We appreciate your effort in reviewing our article and your valuable feedback. We would like to address your concerns as follows.

1. For Q.1, this is the analysis of the research we've cited in that paragraph. Specifically, softmax attention possesses superior properties for measuring the probabilistic relationships between tokens involved in the attention mechanism. Other attention variants, while having lower computational costs, do not enjoy the same probabilistic superiority. For detailed conclusions, please refer to reference 1.

2. For Q.2, Q.4, Q.6, audio token is provided by audio backbone. It's a case where the k and v are 1-d vectors and can be found in:

   • CRA in AVSegFormer,
   • Query generator in AVSegFormer,
   • Figure 11(b) in the Ref1(CAVP),
   • The Temporal A-to-V Fusion of CATR,

   and so on. As proved by our preliminary, attention map under 1-d k and v leads to an all-1 matrix. Therefore the model could not figure out where to attend.

   For why QKV is defined in current way, to determine which sound-emitting object a visual patch represents, we need to use it as the query, with the audio serving as the key and value. By querying the keys with this query, we can identify the corresponding values, thus determining the sound-emitting object at the current position. Therefore, in the QKV setup, the visual patches should serve as the query (Q), while the audio information should serve as the key (K) and value (V).

   For the misleading alphabet, we apologize for the small errors in our paper and any discomfort they may have caused while reading. We have uploaded a revised version that has been carefully proofread to address these minor issues. We want to assure you that these errors are limited to the writing and do not affect the accuracy of our experiments or conclusions.

3. For Q.3 and Q.8, "narrow" means for a certain audio token, after undergoing the attention mechanism, it exhibits higher response and attention scores in a very small and localized region, while the rest of the area shows much lower scores. And ELF decoder is not used to solve it. This is a strategy proposed to save computational resources based on observations of current cross-attention behavior, where the original attention map has not been specifically altered.

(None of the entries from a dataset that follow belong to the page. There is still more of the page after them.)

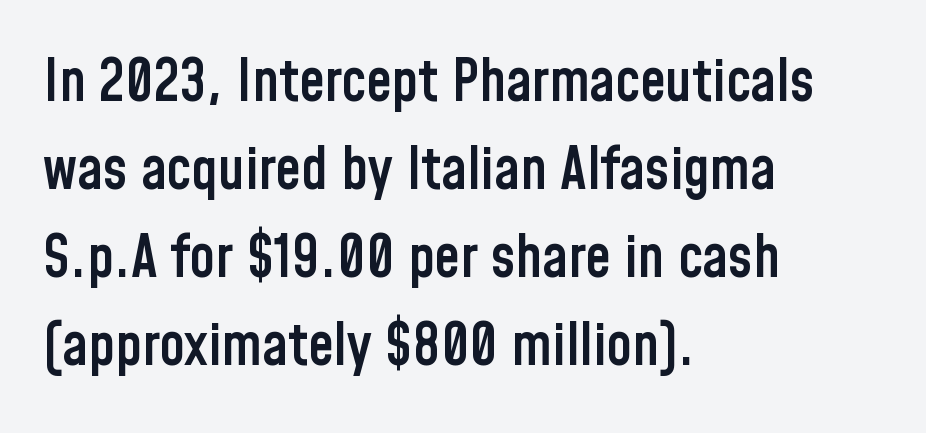
Q: Is the text bold? A: Semi-bold.
Q: Is the text italic (slanted)? A: No, it is upright.
Q: Is the typeface a serif or a sans-serif typeface? A: Sans-serif.
Q: Is the text underlined? A: No.
Q: How is the paragraph aligned? A: Left-aligned.
Q: Is the spacing between letters normal or unusually wide? A: Normal.
Q: Is the spacing between lines tight, normal or loose? A: Normal.
Q: Width (condensed, normal, or wide)? A: Condensed.
Q: Stroke contrast? A: Low.
Q: x-height? A: Medium.
Q: Monospaced? A: No.
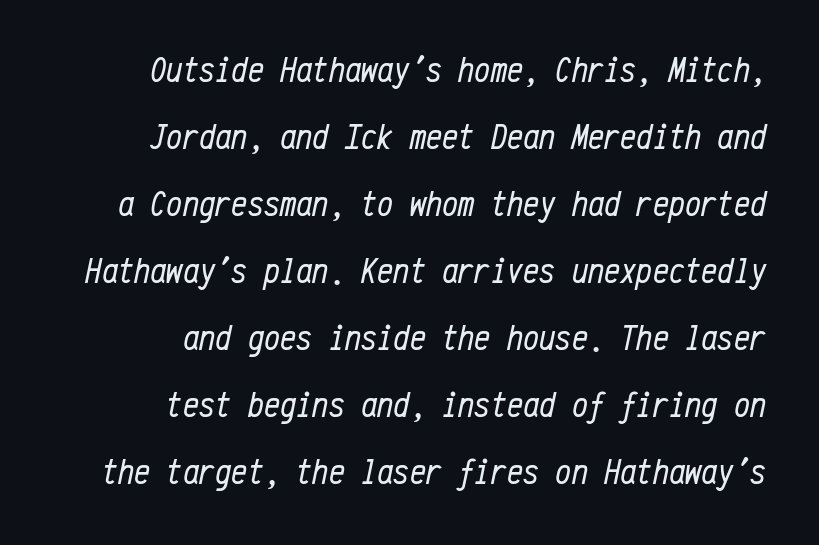
{"italic": "yes", "lean": "right", "slant_degrees": 12, "bold": "no", "weight": "regular", "width": "condensed", "stroke_contrast": "low", "x_height": "medium", "monospaced": "yes", "underline": "no", "align": "right", "line_spacing_ratio": 1.86, "letter_spacing": "normal", "letter_spacing_em": 0.0, "glyph_px": 36}
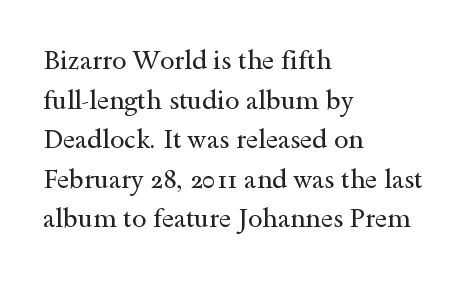
The image shows 26 px text type, upright; set left-aligned, normal line spacing (1.52x), normal letter spacing, not underlined.
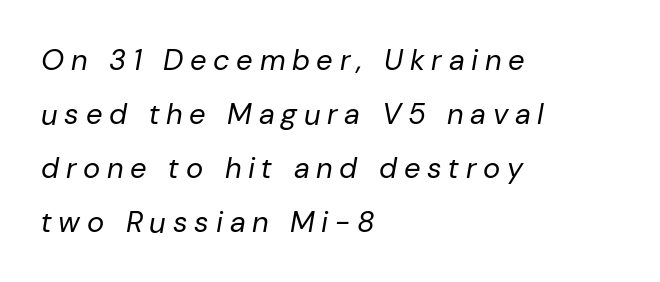
{"italic": "yes", "lean": "right", "slant_degrees": 10, "bold": "no", "weight": "regular", "width": "normal", "stroke_contrast": "low", "x_height": "medium", "monospaced": "no", "underline": "no", "align": "left", "line_spacing_ratio": 1.86, "letter_spacing": "wide", "letter_spacing_em": 0.23, "glyph_px": 29}
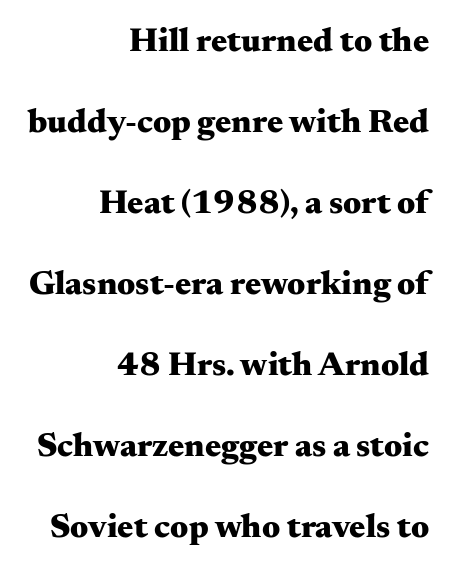
The image shows 34 px heavy, wide serif type, upright; set right-aligned, loose line spacing (2.38x), normal letter spacing, not underlined; medium stroke contrast and a small x-height.

4. For Q.5, the audio backbone is used to extract audio features from mel-spectrum of a piece of audio. Vggish is commonly used by almost all AVS methods.

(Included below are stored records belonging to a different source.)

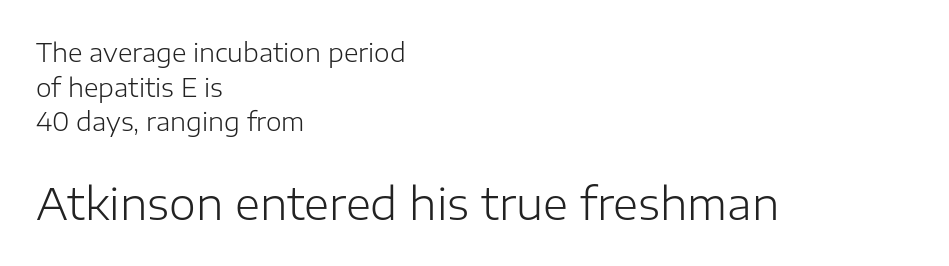
The image shows 43 px light sans-serif type, upright; set left-aligned, normal line spacing (1.39x), normal letter spacing, not underlined; the second (bottom) block is 1.72x larger; low stroke contrast and a medium x-height.
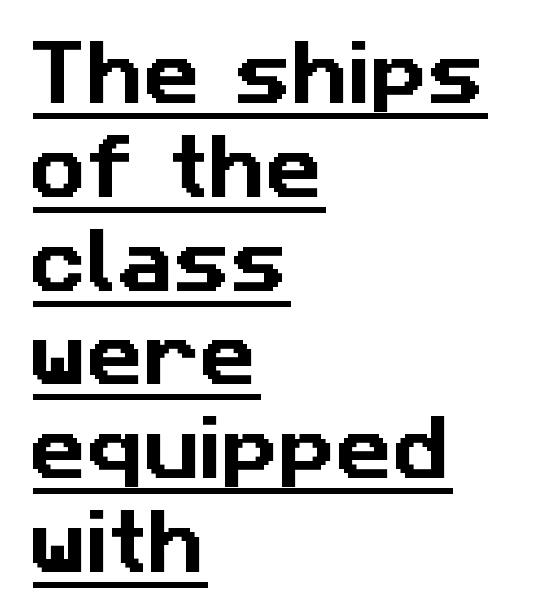
This sample has the flowing, uneven cadence of proportional lettering. Spacing between characters is what you'd get straight out of the box. This sample carries an underscore along the baseline area. Quick note: interline space is typical. Does the copy run flush right? No — it runs flush left.
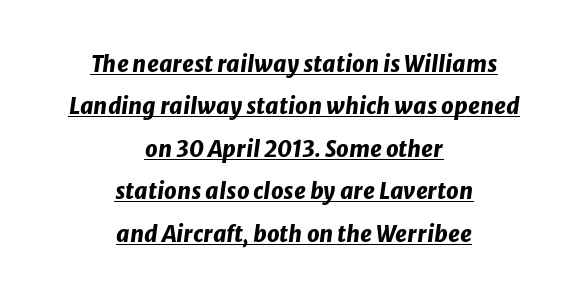
Caption: standard tracking, unaltered. The strokes are fattened all the way to bold. If you measured baseline to baseline, you'd find a long distance. Has an underline been added? It has. The text block is weighted toward neither margin, spreading evenly from the middle. Emphasis-style slanted type is in use.
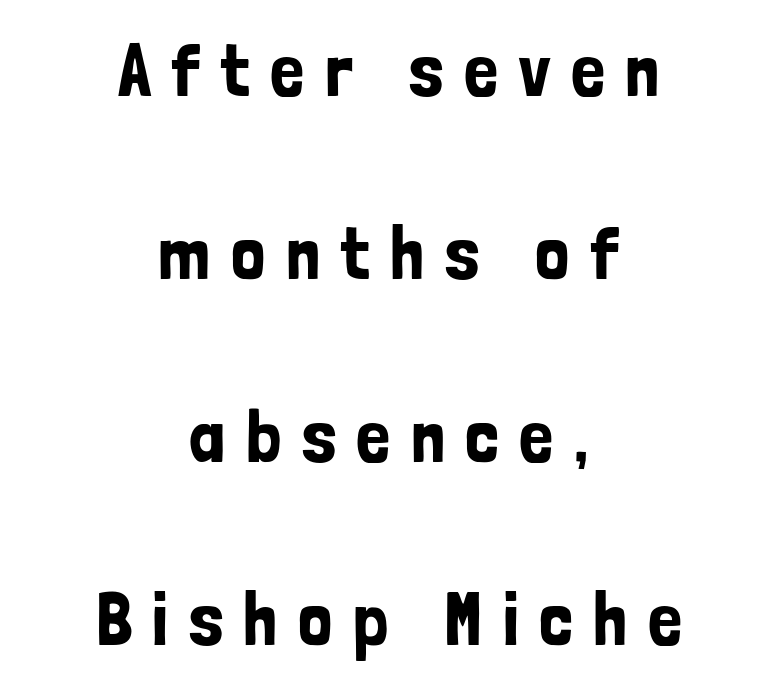
The letters advance in unequal steps, a hallmark of proportional type. Neither beginnings nor endings align; midpoints do. The specimen omits any rule beneath the text block's lines. The gaps between neighbouring characters are conspicuously large. Unlike italic type, these characters show no tilt at all. The type family on display is of the sans-serif kind.
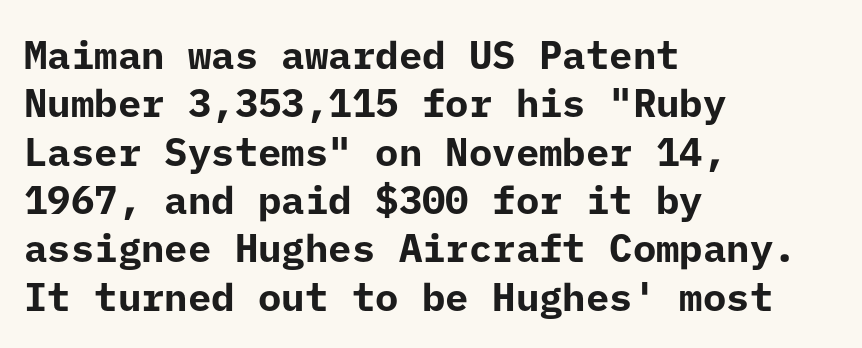
The horizontal fit of the characters is conventional and even. A dark, heavy texture on the line: the type is bold. Layout note: lines flush left. Honestly, there is no underline to notice here at all. Every character sits straight up, as roman type does.

5. For Q.7, as shown in Figure 9, for a given frame, certain audio queries attend to the corresponding sounding object, while others may focus on the background. Each audio query captures distinct semantic features: some attend to specific parts of the sounding object, while others capture the entire object. Across different frames, queries adapt by attending to different objects. For instance, a query might focus on the sounding object in one frame but shift attention to the background in a different context.

6. For Q.9, as described by the appendix of Ref1 and its open-sourced code, Ref1 is trained on 512x512 resolution, while most of the AVS models are trained and evaluated on 224x224 resolution. We did not include it, considering the need for a consistent training resolution. However, this work's main contribution lies in its novel training strategy, which uses a relatively common network architecture. This makes our innovation points orthogonal. We believe that better results can be achieved by combining the methods from both of our works.

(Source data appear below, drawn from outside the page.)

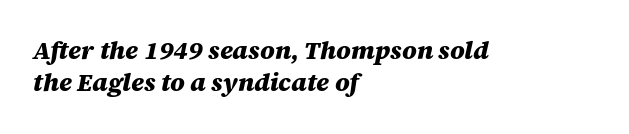
Q: Is the text bold? A: Yes.
Q: Is the text italic (slanted)? A: Yes, it leans right by about 12 degrees.
Q: Is the text underlined? A: No.
Q: How is the paragraph aligned? A: Left-aligned.
Q: Is the spacing between letters normal or unusually wide? A: Normal.
Q: Is the spacing between lines tight, normal or loose? A: Normal.
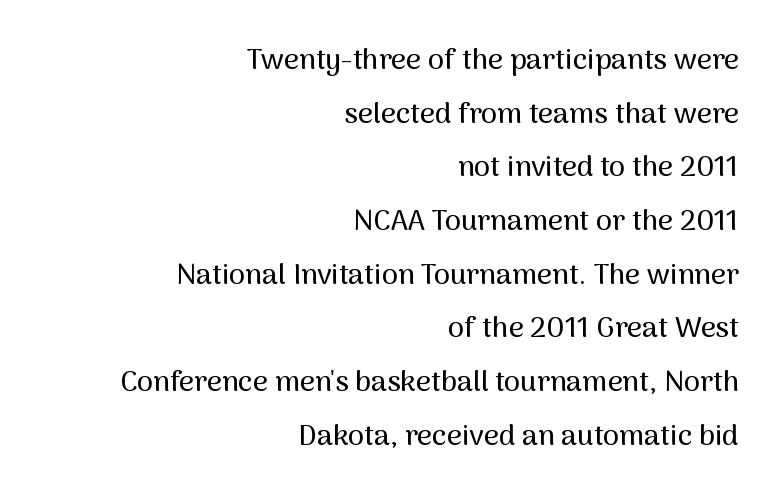
{"serif": "no", "italic": "no", "width": "normal", "stroke_contrast": "medium", "x_height": "medium", "monospaced": "no", "underline": "no", "align": "right", "line_spacing_ratio": 1.85, "letter_spacing": "normal", "letter_spacing_em": 0.0, "glyph_px": 29}

7. For Q.10, from the perspective of tasks, S4 shows quite a different property from MS3. In the single source subset S4, we find that sounding objects are commonly at the saliency position. AVS models could still segment correct objects as a kind of saliency object segmentation, even without the help of audio (See Table 4. w/o QG). That is, audio-visual correspondence plays a minor role in the S4 task. While in the MS3 subset, multiple objects appear in a single image, some may be sounding while some may not, which requires better audio-visual distinguishing ability than S4. With attention dissipation, it is easier to distinguish multiple-sounding objects, which further harms the performance. As we tackle attention dissipation with PQG, the model gains the distinguishing ability and shows satisfied performance.